**WORK REQUIRED:**
Read through the material below and find each line that has the word "rect"; copy it.
+-------+
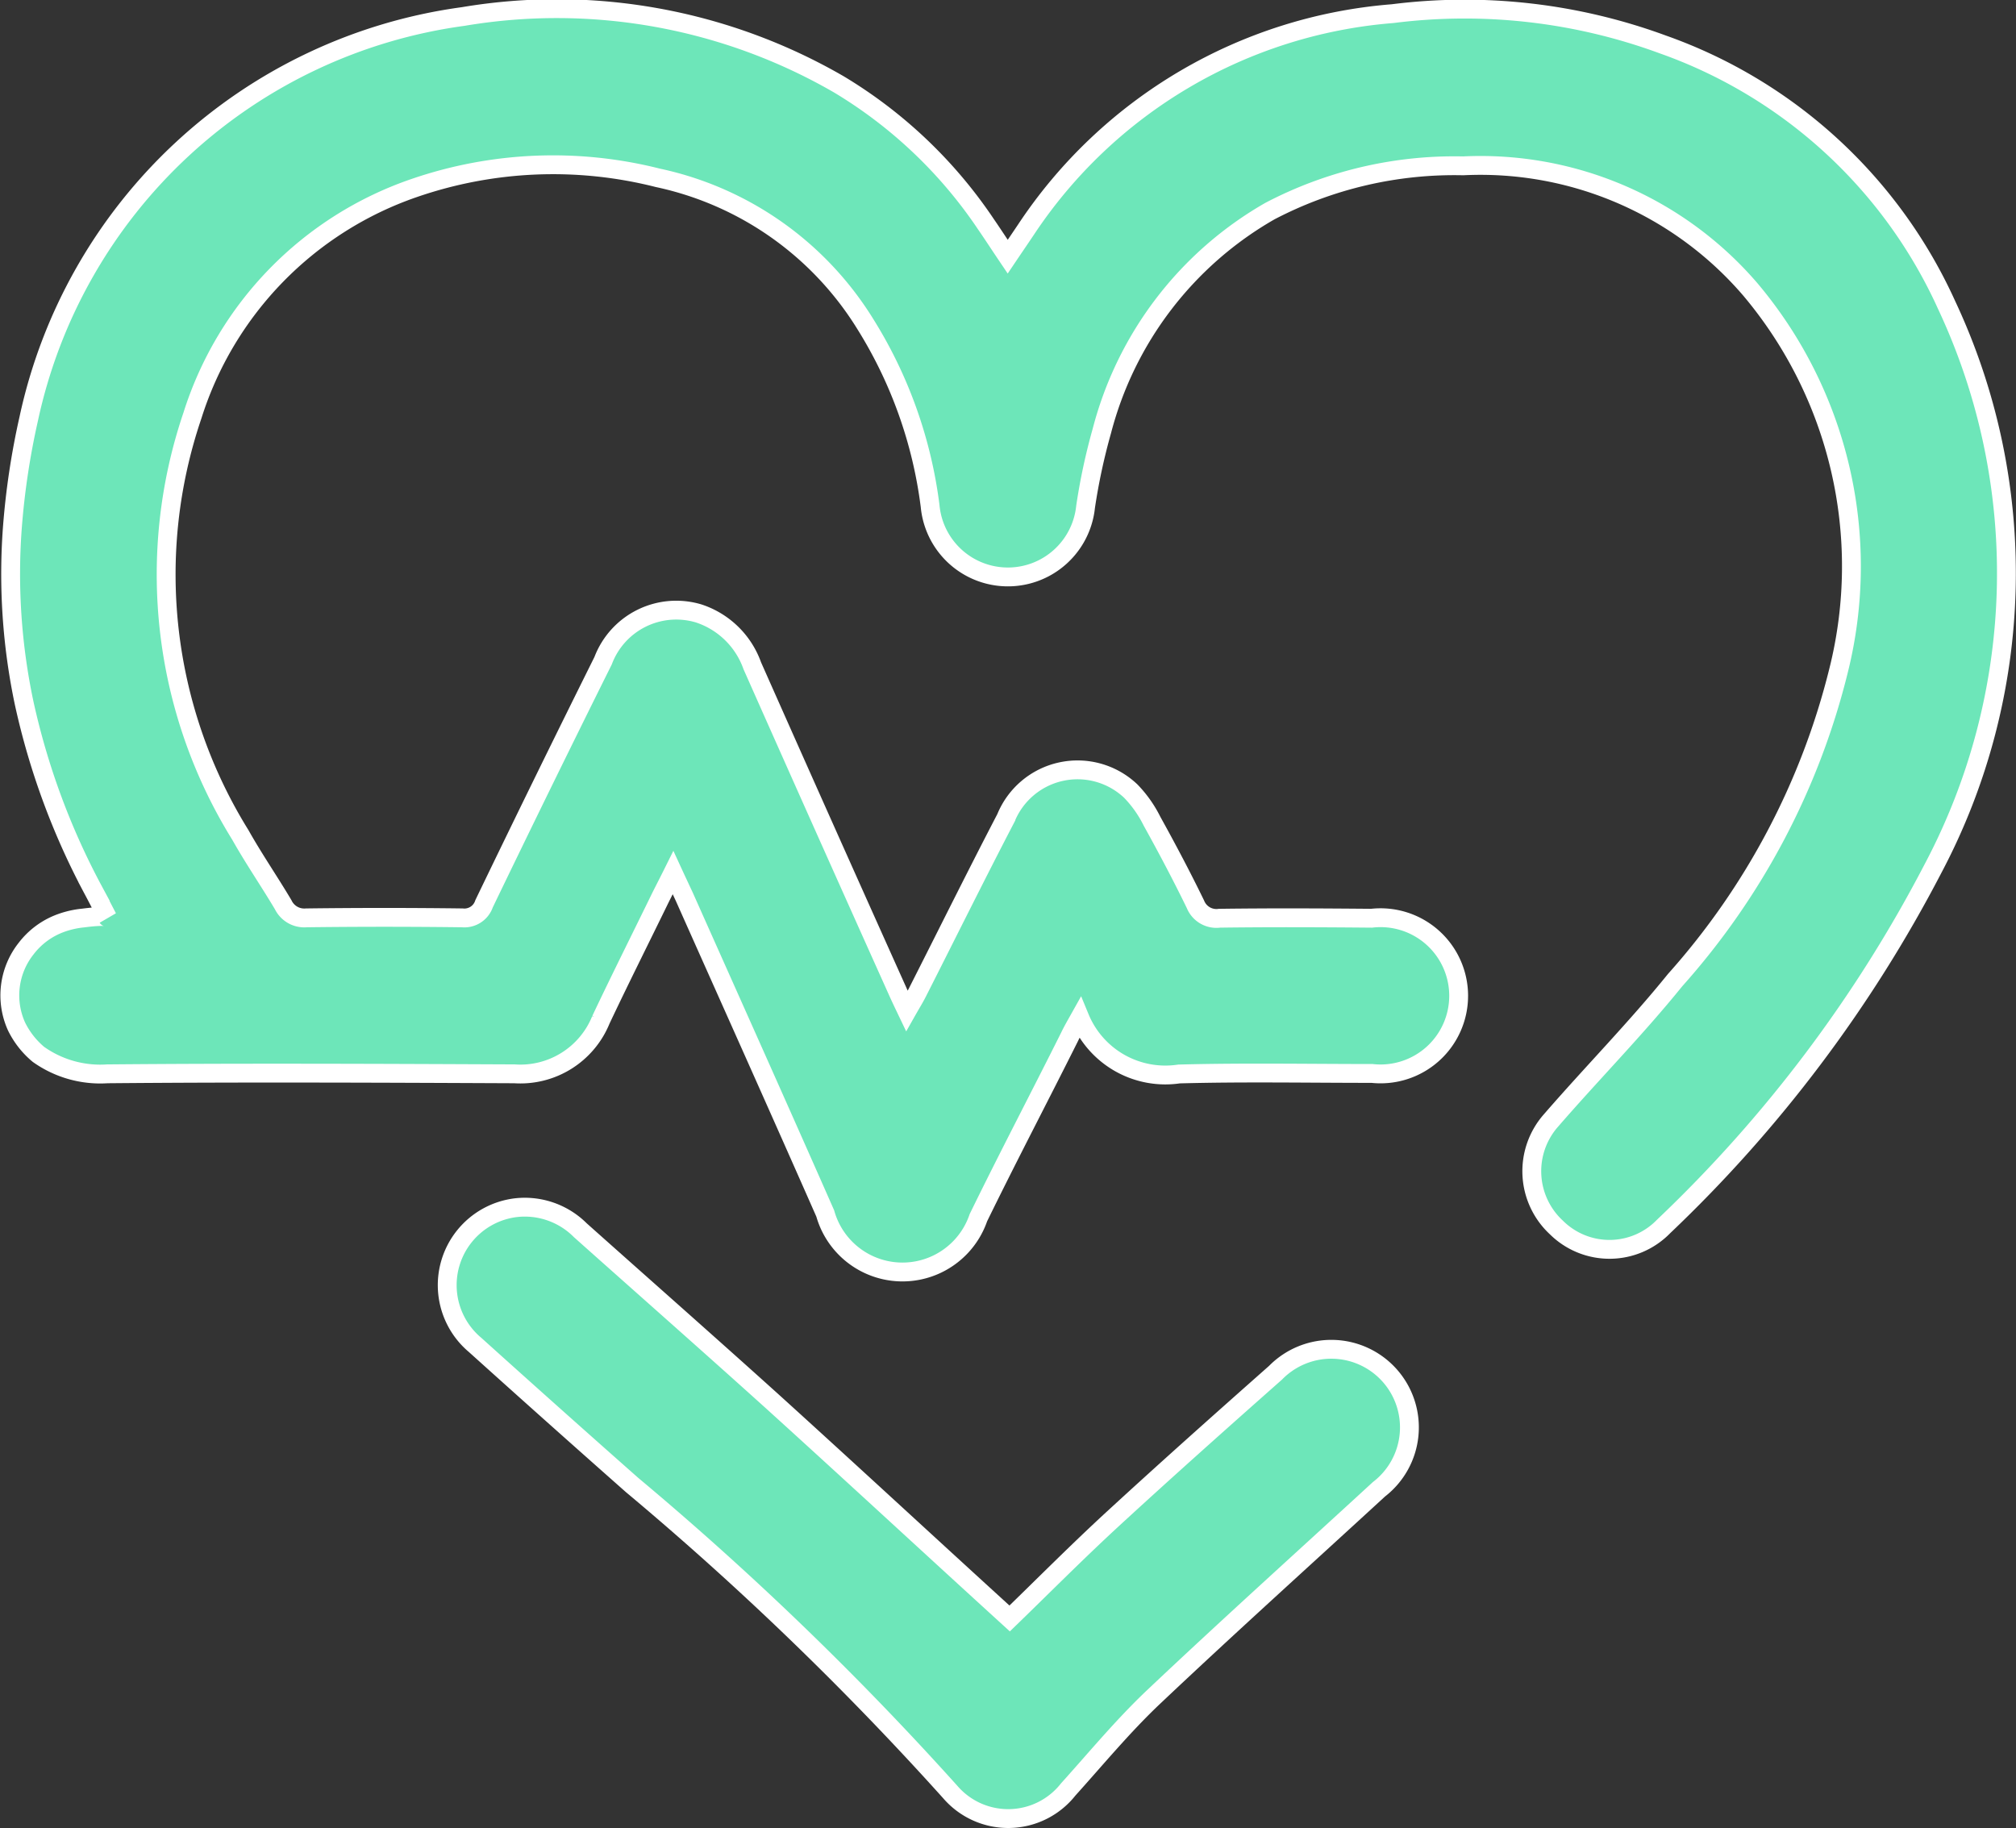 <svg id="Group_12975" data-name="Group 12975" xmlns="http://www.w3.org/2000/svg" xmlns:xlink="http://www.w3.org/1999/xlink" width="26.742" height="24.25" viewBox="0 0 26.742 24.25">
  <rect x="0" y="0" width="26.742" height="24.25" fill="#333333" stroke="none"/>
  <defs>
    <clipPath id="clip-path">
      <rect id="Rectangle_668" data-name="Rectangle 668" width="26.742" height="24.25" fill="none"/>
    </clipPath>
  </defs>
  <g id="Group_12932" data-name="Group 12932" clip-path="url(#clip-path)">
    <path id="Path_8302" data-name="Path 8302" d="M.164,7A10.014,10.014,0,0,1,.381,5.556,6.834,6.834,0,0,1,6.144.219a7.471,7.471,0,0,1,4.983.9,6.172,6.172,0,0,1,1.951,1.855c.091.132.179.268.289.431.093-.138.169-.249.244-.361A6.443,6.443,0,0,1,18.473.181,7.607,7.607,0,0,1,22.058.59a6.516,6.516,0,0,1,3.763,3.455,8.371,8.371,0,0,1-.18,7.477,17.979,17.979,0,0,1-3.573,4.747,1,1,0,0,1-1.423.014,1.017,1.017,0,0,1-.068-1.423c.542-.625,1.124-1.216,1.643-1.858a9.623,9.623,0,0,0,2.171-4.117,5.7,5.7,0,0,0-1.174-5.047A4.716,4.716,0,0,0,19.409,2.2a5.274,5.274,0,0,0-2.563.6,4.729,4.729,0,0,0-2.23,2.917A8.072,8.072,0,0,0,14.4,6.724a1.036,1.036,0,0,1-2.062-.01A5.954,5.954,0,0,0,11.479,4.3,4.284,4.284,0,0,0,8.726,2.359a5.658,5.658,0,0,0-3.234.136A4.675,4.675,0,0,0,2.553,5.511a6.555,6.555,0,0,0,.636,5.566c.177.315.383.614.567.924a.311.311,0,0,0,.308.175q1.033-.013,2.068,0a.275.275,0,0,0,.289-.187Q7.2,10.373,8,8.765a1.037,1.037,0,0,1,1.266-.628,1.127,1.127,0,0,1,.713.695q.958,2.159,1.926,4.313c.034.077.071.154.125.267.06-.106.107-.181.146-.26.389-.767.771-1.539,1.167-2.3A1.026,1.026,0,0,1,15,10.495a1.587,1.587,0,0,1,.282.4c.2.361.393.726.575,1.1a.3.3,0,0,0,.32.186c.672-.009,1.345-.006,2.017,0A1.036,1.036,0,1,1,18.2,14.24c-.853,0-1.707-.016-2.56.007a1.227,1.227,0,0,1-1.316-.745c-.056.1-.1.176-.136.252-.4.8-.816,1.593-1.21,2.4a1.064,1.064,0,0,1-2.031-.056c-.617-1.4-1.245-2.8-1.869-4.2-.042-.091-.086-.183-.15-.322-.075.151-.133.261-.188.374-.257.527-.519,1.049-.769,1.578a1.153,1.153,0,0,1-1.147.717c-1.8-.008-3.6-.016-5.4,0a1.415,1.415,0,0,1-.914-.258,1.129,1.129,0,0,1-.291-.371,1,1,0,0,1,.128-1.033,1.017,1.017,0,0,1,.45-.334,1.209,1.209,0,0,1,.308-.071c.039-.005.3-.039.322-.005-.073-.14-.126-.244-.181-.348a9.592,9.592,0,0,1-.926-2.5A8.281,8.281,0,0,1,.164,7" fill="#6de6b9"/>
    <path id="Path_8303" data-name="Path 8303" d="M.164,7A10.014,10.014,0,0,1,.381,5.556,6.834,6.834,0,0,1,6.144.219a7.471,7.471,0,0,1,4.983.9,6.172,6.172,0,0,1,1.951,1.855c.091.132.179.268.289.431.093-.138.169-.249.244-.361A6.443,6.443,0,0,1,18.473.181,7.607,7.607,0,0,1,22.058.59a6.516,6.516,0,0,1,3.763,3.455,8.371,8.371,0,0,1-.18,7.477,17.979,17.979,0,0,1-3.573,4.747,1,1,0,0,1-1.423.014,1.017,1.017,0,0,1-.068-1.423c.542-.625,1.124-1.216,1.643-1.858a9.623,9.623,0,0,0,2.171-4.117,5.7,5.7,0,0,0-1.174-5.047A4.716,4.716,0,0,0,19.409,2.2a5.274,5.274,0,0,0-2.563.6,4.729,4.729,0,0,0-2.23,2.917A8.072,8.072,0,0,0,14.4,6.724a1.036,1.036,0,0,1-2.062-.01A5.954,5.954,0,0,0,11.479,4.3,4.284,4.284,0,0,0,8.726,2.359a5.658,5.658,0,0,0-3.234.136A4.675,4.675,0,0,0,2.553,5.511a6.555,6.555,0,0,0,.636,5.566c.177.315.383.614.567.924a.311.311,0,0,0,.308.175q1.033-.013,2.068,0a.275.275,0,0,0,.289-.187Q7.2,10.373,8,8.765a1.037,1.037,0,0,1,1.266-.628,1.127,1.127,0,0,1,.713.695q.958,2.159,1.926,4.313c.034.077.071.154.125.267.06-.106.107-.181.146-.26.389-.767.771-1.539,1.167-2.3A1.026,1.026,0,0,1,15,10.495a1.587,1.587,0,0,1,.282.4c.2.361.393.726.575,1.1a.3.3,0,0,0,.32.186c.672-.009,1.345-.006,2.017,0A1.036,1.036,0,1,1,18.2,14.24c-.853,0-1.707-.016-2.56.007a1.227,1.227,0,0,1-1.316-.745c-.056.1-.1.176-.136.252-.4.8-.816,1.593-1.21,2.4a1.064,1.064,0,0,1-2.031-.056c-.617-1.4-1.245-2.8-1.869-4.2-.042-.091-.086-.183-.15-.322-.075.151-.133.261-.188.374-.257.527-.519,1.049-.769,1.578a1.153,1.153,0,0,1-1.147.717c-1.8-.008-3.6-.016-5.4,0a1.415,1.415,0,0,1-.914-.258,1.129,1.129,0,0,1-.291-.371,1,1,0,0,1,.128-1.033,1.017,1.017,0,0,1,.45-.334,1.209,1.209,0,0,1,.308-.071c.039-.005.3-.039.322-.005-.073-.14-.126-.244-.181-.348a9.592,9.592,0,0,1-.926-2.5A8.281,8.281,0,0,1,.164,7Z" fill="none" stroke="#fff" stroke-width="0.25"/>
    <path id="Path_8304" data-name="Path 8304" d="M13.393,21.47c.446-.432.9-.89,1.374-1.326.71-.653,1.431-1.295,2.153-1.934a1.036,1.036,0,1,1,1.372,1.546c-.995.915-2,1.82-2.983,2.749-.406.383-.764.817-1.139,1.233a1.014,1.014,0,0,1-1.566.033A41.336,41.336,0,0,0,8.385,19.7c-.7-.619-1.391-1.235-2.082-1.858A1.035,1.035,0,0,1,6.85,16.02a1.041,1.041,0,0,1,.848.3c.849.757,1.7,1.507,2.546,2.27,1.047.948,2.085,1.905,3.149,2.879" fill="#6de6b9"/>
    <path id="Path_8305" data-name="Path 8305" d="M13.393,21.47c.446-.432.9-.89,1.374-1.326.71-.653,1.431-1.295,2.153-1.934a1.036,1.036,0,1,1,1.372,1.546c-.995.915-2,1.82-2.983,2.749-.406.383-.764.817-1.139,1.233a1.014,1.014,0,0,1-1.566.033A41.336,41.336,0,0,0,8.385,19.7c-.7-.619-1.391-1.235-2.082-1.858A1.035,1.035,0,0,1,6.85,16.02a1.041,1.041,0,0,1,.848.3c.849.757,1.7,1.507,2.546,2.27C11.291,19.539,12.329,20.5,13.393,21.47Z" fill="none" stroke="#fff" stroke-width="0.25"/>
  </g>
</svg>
+-------+
**COMPLETED TASK:**
  <rect x="0" y="0" width="26.742" height="24.25" fill="#333333" stroke="none"/>
      <rect id="Rectangle_668" data-name="Rectangle 668" width="26.742" height="24.25" fill="none"/>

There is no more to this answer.